• Problem to work on:
The entries are to be repeated exactly, with all pictures omitted.

• Exercise data:
========================
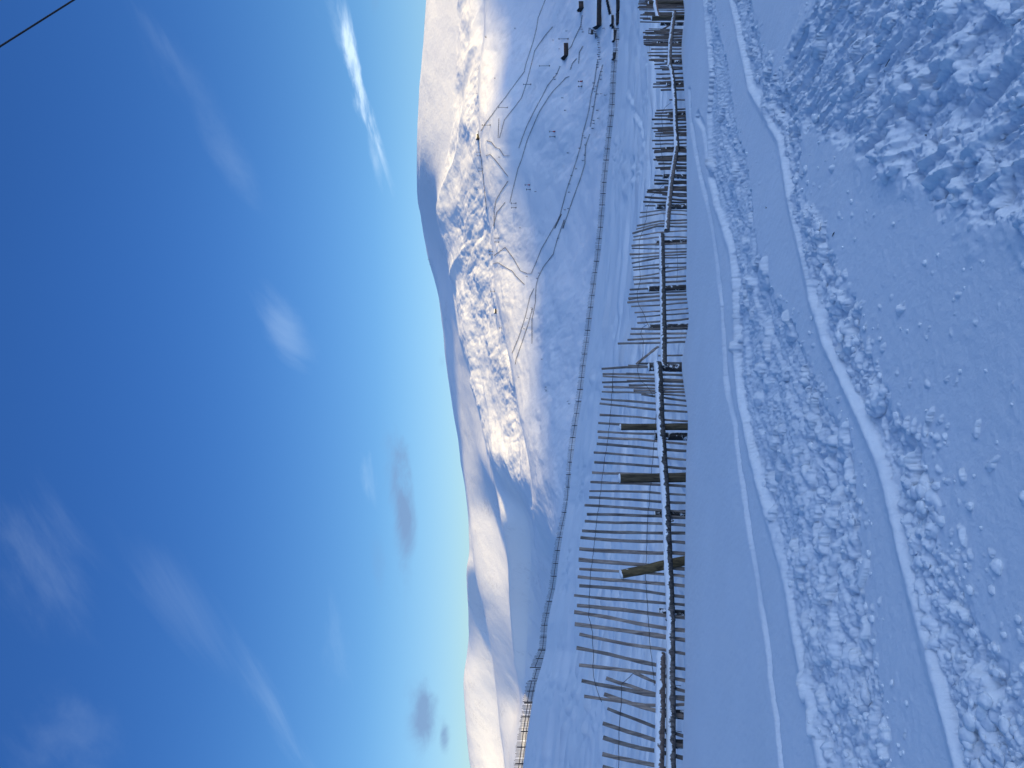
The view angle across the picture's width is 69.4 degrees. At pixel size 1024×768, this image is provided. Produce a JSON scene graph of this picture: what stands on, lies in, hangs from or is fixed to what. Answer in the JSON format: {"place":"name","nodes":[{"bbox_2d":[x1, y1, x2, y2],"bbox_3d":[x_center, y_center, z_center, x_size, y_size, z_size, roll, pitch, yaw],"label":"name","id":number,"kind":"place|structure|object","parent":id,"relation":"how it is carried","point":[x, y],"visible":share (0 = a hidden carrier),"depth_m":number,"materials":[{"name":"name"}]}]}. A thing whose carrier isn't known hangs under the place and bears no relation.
{"place":"outdoors","nodes":[
{"label":"outdoors","id":0,"kind":"place"},
{"bbox_2d":[0,0,74,47],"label":"overhead cable","id":1,"kind":"object","parent":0,"point":[34,24],"visible":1,"depth_m":13.55,"materials":[{"name":"metal"}]},
{"bbox_2d":[0,0,470,767],"label":"sky","id":2,"kind":"structure","parent":0,"point":[234,523],"materials":[{"name":"blue"}]},
{"bbox_2d":[417,0,619,767],"bbox_3d":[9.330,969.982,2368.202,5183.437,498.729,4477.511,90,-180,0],"label":"mountain","id":3,"kind":"structure","parent":0,"point":[513,422],"depth_m":903.73,"materials":[{"name":"white snow"}]},
{"bbox_2d":[478,131,486,208],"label":"piste fence","id":4,"kind":"object","parent":3,"relation":"on","point":[482,174],"visible":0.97,"depth_m":921.34,"materials":[{"name":"brown wood"}]},
{"bbox_2d":[481,0,545,130],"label":"piste fence","id":5,"kind":"object","parent":3,"relation":"on","point":[522,73],"visible":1,"depth_m":700.03,"materials":[{"name":"brown wood"}]},
{"bbox_2d":[512,289,533,352],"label":"piste fence","id":6,"kind":"object","parent":3,"relation":"on","point":[522,326],"visible":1,"depth_m":717.97,"materials":[{"name":"brown wood"}]},
{"bbox_2d":[515,308,532,363],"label":"piste fence","id":7,"kind":"object","parent":3,"relation":"on","point":[525,331],"visible":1,"depth_m":708.20,"materials":[{"name":"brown wood"}]},
{"bbox_2d":[499,27,551,137],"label":"piste fence","id":8,"kind":"object","parent":3,"relation":"on","point":[525,86],"visible":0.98,"depth_m":691.47,"materials":[{"name":"brown wood"}]},
{"bbox_2d":[509,76,569,202],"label":"piste fence","id":9,"kind":"object","parent":3,"relation":"on","point":[530,132],"visible":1,"depth_m":676.05,"materials":[{"name":"brown wood"}]},
{"bbox_2d":[519,66,560,147],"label":"piste fence","id":10,"kind":"object","parent":3,"relation":"on","point":[535,109],"visible":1,"depth_m":667.08,"materials":[{"name":"brown wood"}]},
{"bbox_2d":[494,59,597,273],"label":"piste fence","id":11,"kind":"object","parent":3,"relation":"on","point":[566,188],"visible":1,"depth_m":622.13,"materials":[{"name":"brown wood"}]},
{"bbox_2d":[531,136,588,343],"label":"piste fence","id":12,"kind":"object","parent":3,"relation":"on","point":[556,243],"visible":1,"depth_m":638.15,"materials":[{"name":"brown wood"}]},
{"bbox_2d":[560,42,567,60],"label":"chalet","id":13,"kind":"object","parent":3,"relation":"on","point":[563,50],"visible":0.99,"depth_m":614.71,"materials":[{"name":"brown wood"}]},
{"bbox_2d":[576,0,583,12],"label":"hut","id":14,"kind":"object","parent":3,"relation":"on","point":[579,6],"visible":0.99,"depth_m":587.80,"materials":[{"name":"brown wood"}]},
{"bbox_2d":[591,0,600,29],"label":"lodge","id":15,"kind":"structure","parent":3,"relation":"on","point":[596,14],"depth_m":551.34,"materials":[{"name":"brown wood"}]},
{"bbox_2d":[590,66,602,126],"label":"piste fence","id":16,"kind":"object","parent":3,"relation":"on","point":[595,97],"visible":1,"depth_m":557.33,"materials":[{"name":"brown wood"}]},
{"bbox_2d":[609,14,613,26],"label":"shed","id":17,"kind":"structure","parent":3,"relation":"on","point":[611,18],"depth_m":529.38,"materials":[{"name":"brown wood"}]},
{"bbox_2d":[611,29,615,42],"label":"shed","id":18,"kind":"structure","parent":3,"relation":"on","point":[613,38],"depth_m":524.70,"materials":[{"name":"brown wood"}]},
{"bbox_2d":[616,11,618,25],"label":"shed","id":19,"kind":"structure","parent":3,"relation":"on","point":[617,17],"depth_m":517.50,"materials":[{"name":"brown wood"}]},
{"bbox_2d":[616,0,619,11],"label":"shed","id":20,"kind":"structure","parent":3,"relation":"on","point":[617,5],"depth_m":518.41,"materials":[{"name":"brown"}]},
{"bbox_2d":[523,0,688,767],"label":"snow slope","id":21,"kind":"structure","parent":0,"point":[567,728],"depth_m":33.24,"materials":[{"name":"white snow"}]},
{"bbox_2d":[514,702,531,767],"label":"brow fence","id":22,"kind":"object","parent":21,"relation":"on","point":[525,718],"visible":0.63,"depth_m":108.44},
{"bbox_2d":[523,680,536,701],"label":"brow fence","id":23,"kind":"object","parent":21,"relation":"on","point":[529,691],"visible":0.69,"depth_m":113.82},
{"bbox_2d":[530,649,544,667],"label":"brow fence","id":24,"kind":"object","parent":21,"relation":"on","point":[537,662],"visible":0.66,"depth_m":118.28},
{"bbox_2d":[539,28,618,648],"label":"brow fence","id":25,"kind":"object","parent":21,"relation":"on","point":[570,456],"visible":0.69,"depth_m":139.87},
{"bbox_2d":[681,0,1023,767],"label":"snow ground","id":26,"kind":"structure","parent":0,"point":[761,650],"depth_m":4.41,"materials":[{"name":"white snow"}]},
{"bbox_2d":[574,0,688,767],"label":"snow fence","id":27,"kind":"object","parent":26,"relation":"on","point":[666,668],"visible":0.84,"depth_m":11.45,"materials":[{"name":"wood"}]},
{"bbox_2d":[716,2,1023,767],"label":"loose snow clods","id":28,"kind":"object","parent":26,"relation":"on","point":[968,739],"visible":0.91,"depth_m":3.19,"materials":[{"name":"white snow"}]}
]}
========================
• Output for this task:
The view angle across the picture's width is 69.4 degrees. At pixel size 1024×768, this image is provided. Produce a JSON scene graph of this picture: what stands on, lies in, hangs from or is fixed to what. Answer in the JSON format: {"place":"name","nodes":[{"bbox_2d":[x1, y1, x2, y2],"bbox_3d":[x_center, y_center, z_center, x_size, y_size, z_size, roll, pitch, yaw],"label":"name","id":number,"kind":"place|structure|object","parent":id,"relation":"how it is carried","point":[x, y],"visible":share (0 = a hidden carrier),"depth_m":number,"materials":[{"name":"name"}]}]}. A thing whose carrier isn't known hangs under the place and bears no relation.
{"place":"outdoors","nodes":[
{"label":"outdoors","id":0,"kind":"place"},
{"bbox_2d":[0,0,74,47],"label":"overhead cable","id":1,"kind":"object","parent":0,"point":[34,24],"visible":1,"depth_m":13.55,"materials":[{"name":"metal"}]},
{"bbox_2d":[0,0,470,767],"label":"sky","id":2,"kind":"structure","parent":0,"point":[234,523],"materials":[{"name":"blue"}]},
{"bbox_2d":[417,0,619,767],"bbox_3d":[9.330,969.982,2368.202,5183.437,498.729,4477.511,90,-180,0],"label":"mountain","id":3,"kind":"structure","parent":0,"point":[513,422],"depth_m":903.73,"materials":[{"name":"white snow"}]},
{"bbox_2d":[478,131,486,208],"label":"piste fence","id":4,"kind":"object","parent":3,"relation":"on","point":[482,174],"visible":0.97,"depth_m":921.34,"materials":[{"name":"brown wood"}]},
{"bbox_2d":[481,0,545,130],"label":"piste fence","id":5,"kind":"object","parent":3,"relation":"on","point":[522,73],"visible":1,"depth_m":700.03,"materials":[{"name":"brown wood"}]},
{"bbox_2d":[512,289,533,352],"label":"piste fence","id":6,"kind":"object","parent":3,"relation":"on","point":[522,326],"visible":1,"depth_m":717.97,"materials":[{"name":"brown wood"}]},
{"bbox_2d":[515,308,532,363],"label":"piste fence","id":7,"kind":"object","parent":3,"relation":"on","point":[525,331],"visible":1,"depth_m":708.20,"materials":[{"name":"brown wood"}]},
{"bbox_2d":[499,27,551,137],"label":"piste fence","id":8,"kind":"object","parent":3,"relation":"on","point":[525,86],"visible":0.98,"depth_m":691.47,"materials":[{"name":"brown wood"}]},
{"bbox_2d":[509,76,569,202],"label":"piste fence","id":9,"kind":"object","parent":3,"relation":"on","point":[530,132],"visible":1,"depth_m":676.05,"materials":[{"name":"brown wood"}]},
{"bbox_2d":[519,66,560,147],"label":"piste fence","id":10,"kind":"object","parent":3,"relation":"on","point":[535,109],"visible":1,"depth_m":667.08,"materials":[{"name":"brown wood"}]},
{"bbox_2d":[494,59,597,273],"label":"piste fence","id":11,"kind":"object","parent":3,"relation":"on","point":[566,188],"visible":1,"depth_m":622.13,"materials":[{"name":"brown wood"}]},
{"bbox_2d":[531,136,588,343],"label":"piste fence","id":12,"kind":"object","parent":3,"relation":"on","point":[556,243],"visible":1,"depth_m":638.15,"materials":[{"name":"brown wood"}]},
{"bbox_2d":[560,42,567,60],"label":"chalet","id":13,"kind":"object","parent":3,"relation":"on","point":[563,50],"visible":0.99,"depth_m":614.71,"materials":[{"name":"brown wood"}]},
{"bbox_2d":[576,0,583,12],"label":"hut","id":14,"kind":"object","parent":3,"relation":"on","point":[579,6],"visible":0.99,"depth_m":587.80,"materials":[{"name":"brown wood"}]},
{"bbox_2d":[591,0,600,29],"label":"lodge","id":15,"kind":"structure","parent":3,"relation":"on","point":[596,14],"depth_m":551.34,"materials":[{"name":"brown wood"}]},
{"bbox_2d":[590,66,602,126],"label":"piste fence","id":16,"kind":"object","parent":3,"relation":"on","point":[595,97],"visible":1,"depth_m":557.33,"materials":[{"name":"brown wood"}]},
{"bbox_2d":[609,14,613,26],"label":"shed","id":17,"kind":"structure","parent":3,"relation":"on","point":[611,18],"depth_m":529.38,"materials":[{"name":"brown wood"}]},
{"bbox_2d":[611,29,615,42],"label":"shed","id":18,"kind":"structure","parent":3,"relation":"on","point":[613,38],"depth_m":524.70,"materials":[{"name":"brown wood"}]},
{"bbox_2d":[616,11,618,25],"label":"shed","id":19,"kind":"structure","parent":3,"relation":"on","point":[617,17],"depth_m":517.50,"materials":[{"name":"brown wood"}]},
{"bbox_2d":[616,0,619,11],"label":"shed","id":20,"kind":"structure","parent":3,"relation":"on","point":[617,5],"depth_m":518.41,"materials":[{"name":"brown"}]},
{"bbox_2d":[523,0,688,767],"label":"snow slope","id":21,"kind":"structure","parent":0,"point":[567,728],"depth_m":33.24,"materials":[{"name":"white snow"}]},
{"bbox_2d":[514,702,531,767],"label":"brow fence","id":22,"kind":"object","parent":21,"relation":"on","point":[525,718],"visible":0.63,"depth_m":108.44},
{"bbox_2d":[523,680,536,701],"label":"brow fence","id":23,"kind":"object","parent":21,"relation":"on","point":[529,691],"visible":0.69,"depth_m":113.82},
{"bbox_2d":[530,649,544,667],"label":"brow fence","id":24,"kind":"object","parent":21,"relation":"on","point":[537,662],"visible":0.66,"depth_m":118.28},
{"bbox_2d":[539,28,618,648],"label":"brow fence","id":25,"kind":"object","parent":21,"relation":"on","point":[570,456],"visible":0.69,"depth_m":139.87},
{"bbox_2d":[681,0,1023,767],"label":"snow ground","id":26,"kind":"structure","parent":0,"point":[761,650],"depth_m":4.41,"materials":[{"name":"white snow"}]},
{"bbox_2d":[574,0,688,767],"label":"snow fence","id":27,"kind":"object","parent":26,"relation":"on","point":[666,668],"visible":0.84,"depth_m":11.45,"materials":[{"name":"wood"}]},
{"bbox_2d":[716,2,1023,767],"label":"loose snow clods","id":28,"kind":"object","parent":26,"relation":"on","point":[968,739],"visible":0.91,"depth_m":3.19,"materials":[{"name":"white snow"}]}
]}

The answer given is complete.